Every record below should be repeated exactly, with the pictures left out.
▶
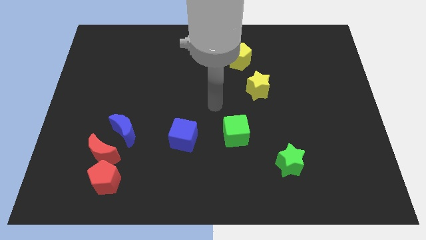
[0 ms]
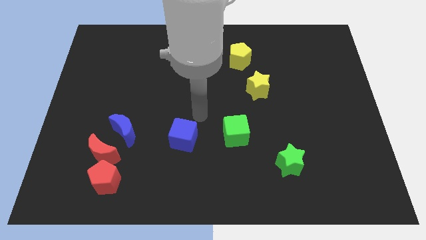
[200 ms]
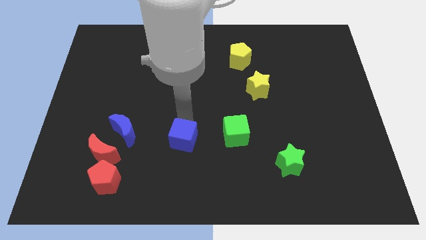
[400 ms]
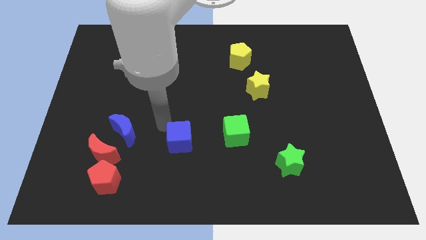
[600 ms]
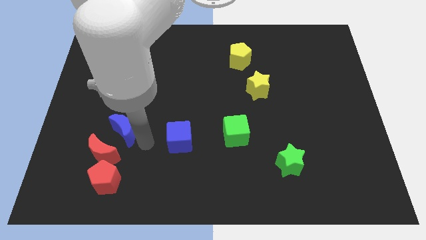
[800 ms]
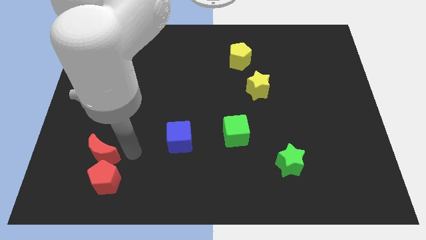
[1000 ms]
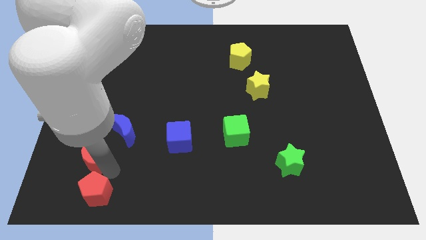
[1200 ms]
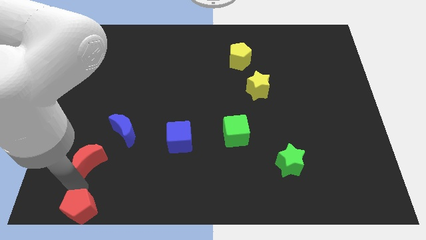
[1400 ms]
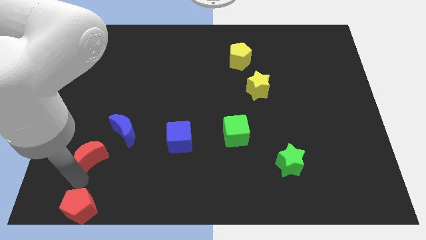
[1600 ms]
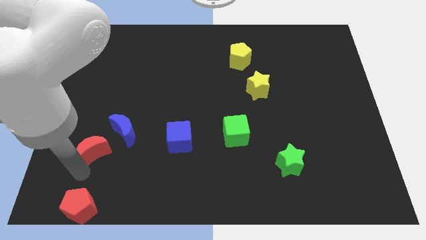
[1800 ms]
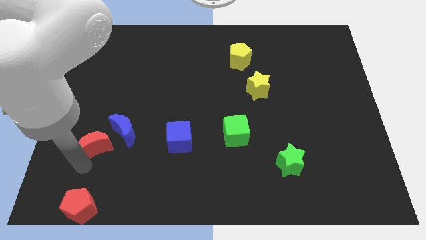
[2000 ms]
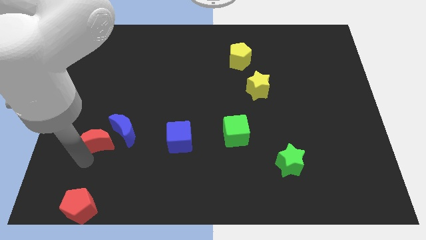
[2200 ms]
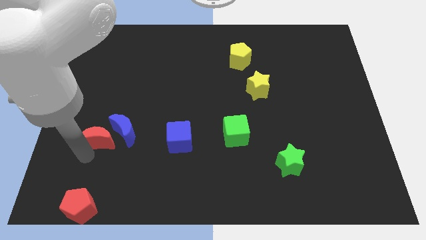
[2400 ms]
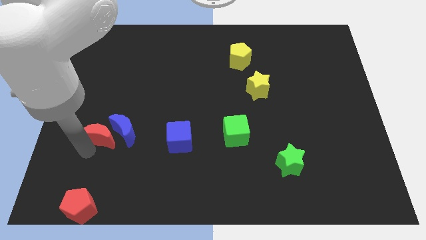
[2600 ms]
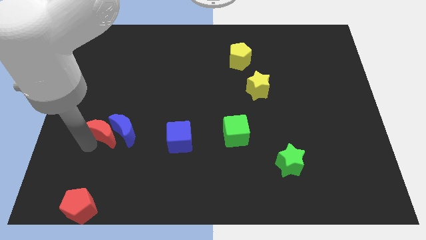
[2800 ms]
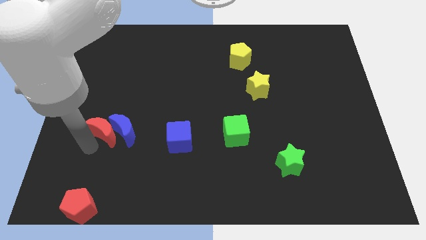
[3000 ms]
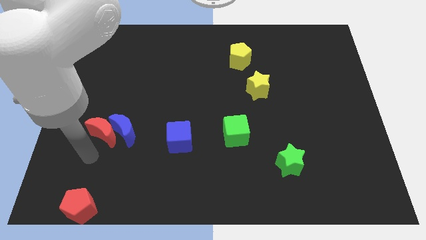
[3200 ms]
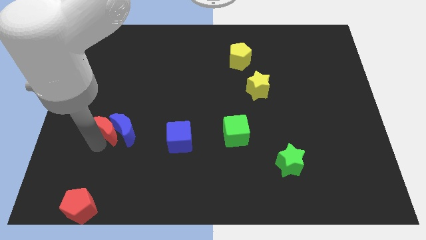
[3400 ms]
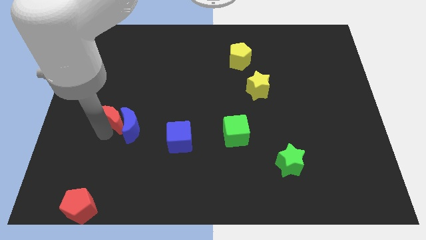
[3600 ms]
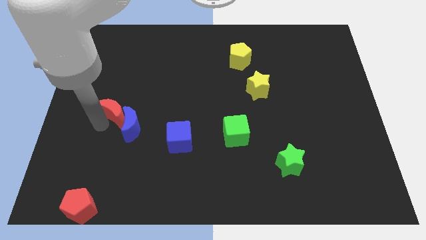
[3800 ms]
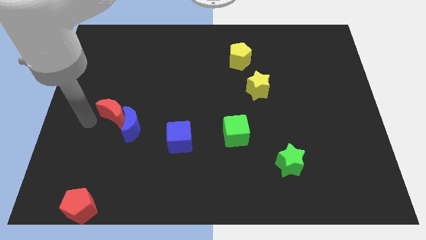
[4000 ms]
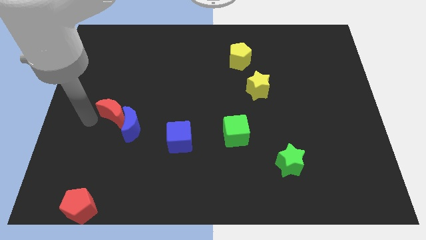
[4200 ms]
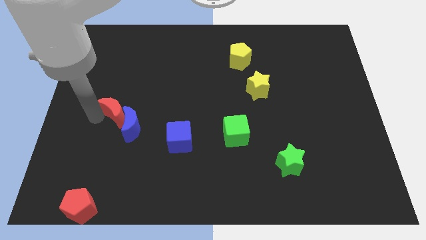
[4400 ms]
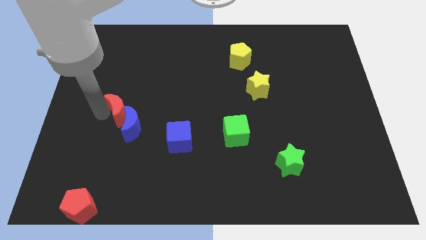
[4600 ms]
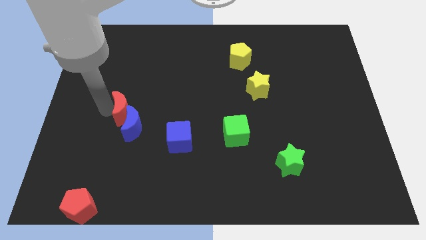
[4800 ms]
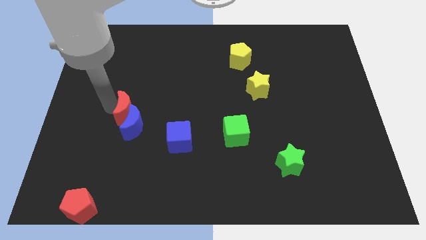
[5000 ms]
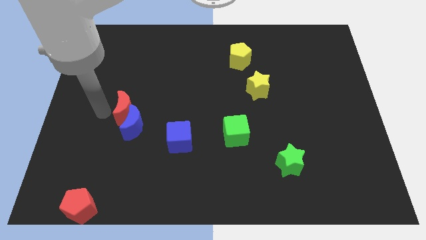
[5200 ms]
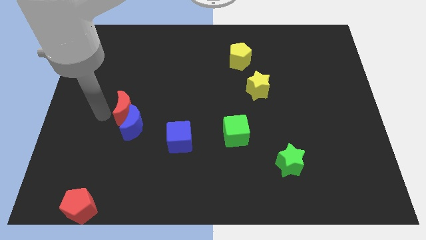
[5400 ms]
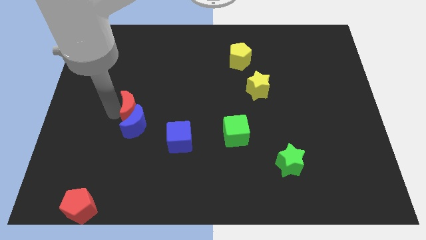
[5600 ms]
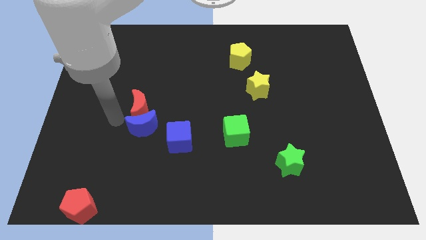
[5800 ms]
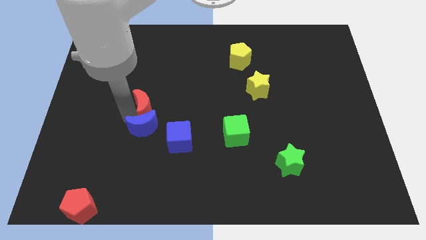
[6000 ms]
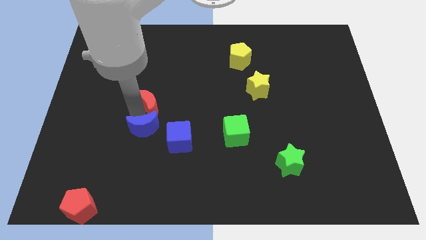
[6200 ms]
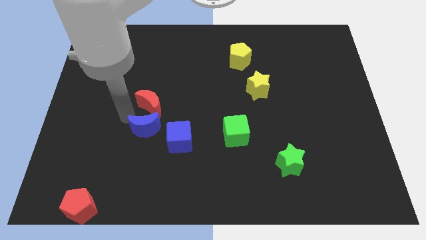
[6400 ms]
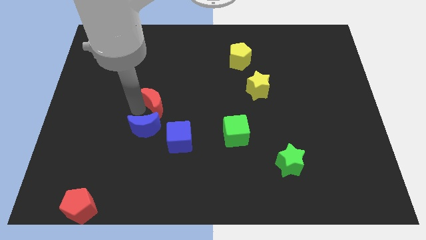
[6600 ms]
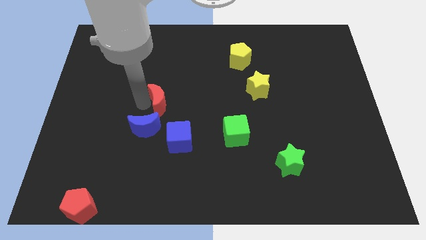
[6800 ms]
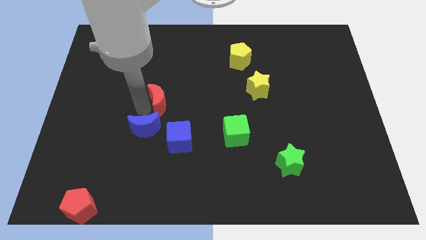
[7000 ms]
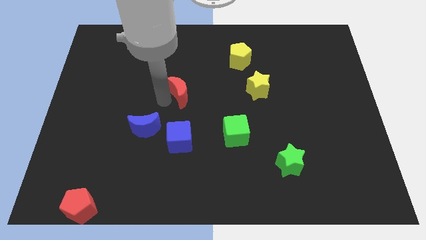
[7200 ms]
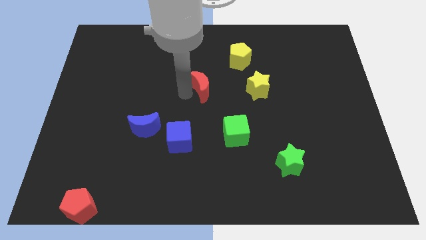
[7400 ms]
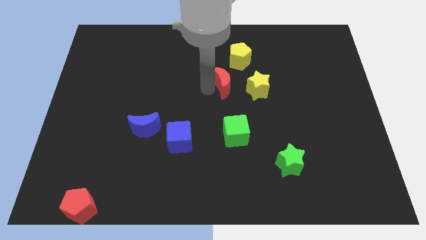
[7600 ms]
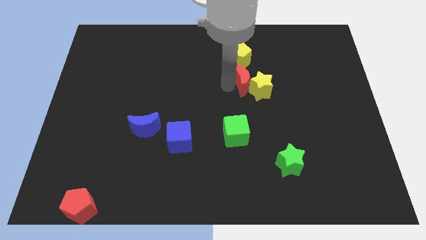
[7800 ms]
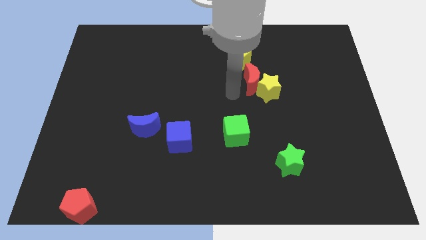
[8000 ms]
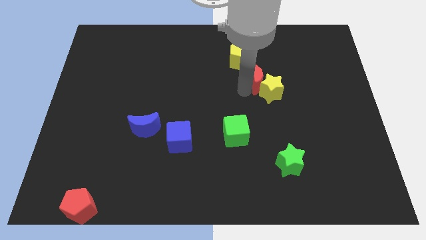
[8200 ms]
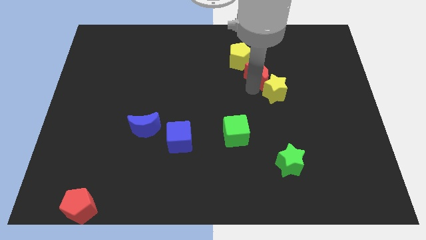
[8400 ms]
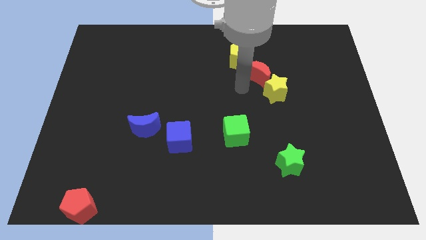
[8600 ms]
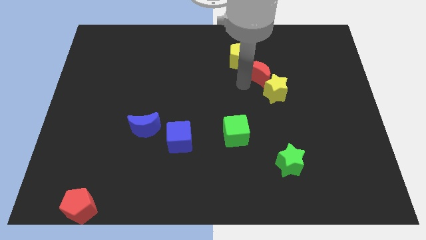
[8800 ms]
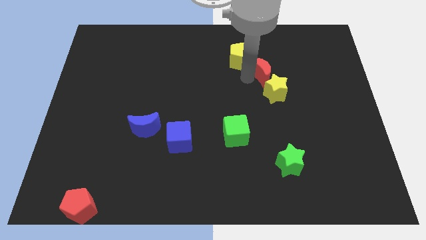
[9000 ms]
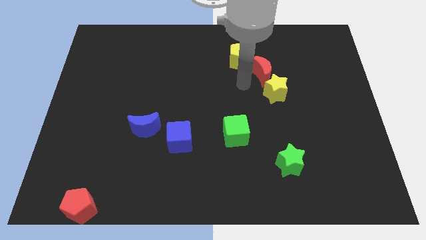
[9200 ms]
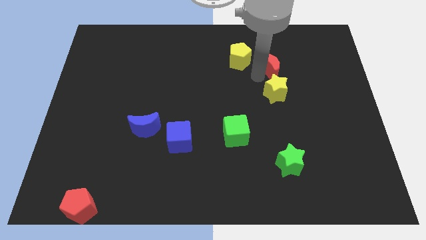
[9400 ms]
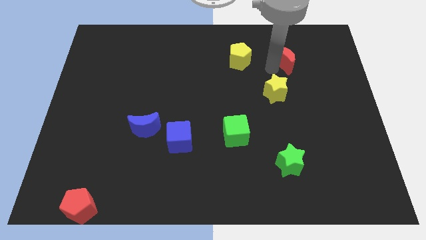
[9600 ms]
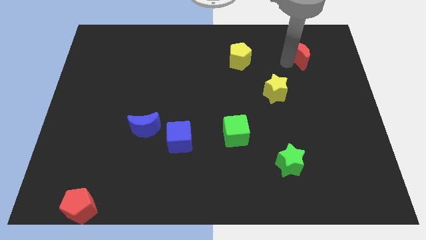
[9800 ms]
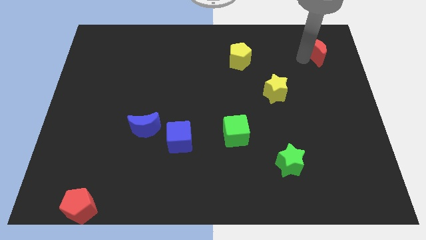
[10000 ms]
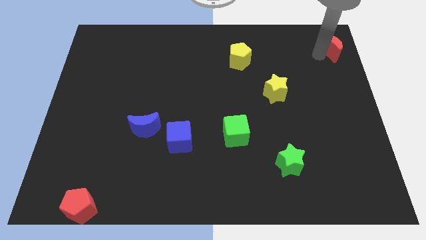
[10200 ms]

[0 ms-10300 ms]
put the red moon to the top right corner
◀
### [RESPONSE FOR THIS EXERCISE]
[0 ms]
[200 ms]
[400 ms]
[600 ms]
[800 ms]
[1000 ms]
[1200 ms]
[1400 ms]
[1600 ms]
[1800 ms]
[2000 ms]
[2200 ms]
[2400 ms]
[2600 ms]
[2800 ms]
[3000 ms]
[3200 ms]
[3400 ms]
[3600 ms]
[3800 ms]
[4000 ms]
[4200 ms]
[4400 ms]
[4600 ms]
[4800 ms]
[5000 ms]
[5200 ms]
[5400 ms]
[5600 ms]
[5800 ms]
[6000 ms]
[6200 ms]
[6400 ms]
[6600 ms]
[6800 ms]
[7000 ms]
[7200 ms]
[7400 ms]
[7600 ms]
[7800 ms]
[8000 ms]
[8200 ms]
[8400 ms]
[8600 ms]
[8800 ms]
[9000 ms]
[9200 ms]
[9400 ms]
[9600 ms]
[9800 ms]
[10000 ms]
[10200 ms]

[0 ms-10300 ms]
put the red moon to the top right corner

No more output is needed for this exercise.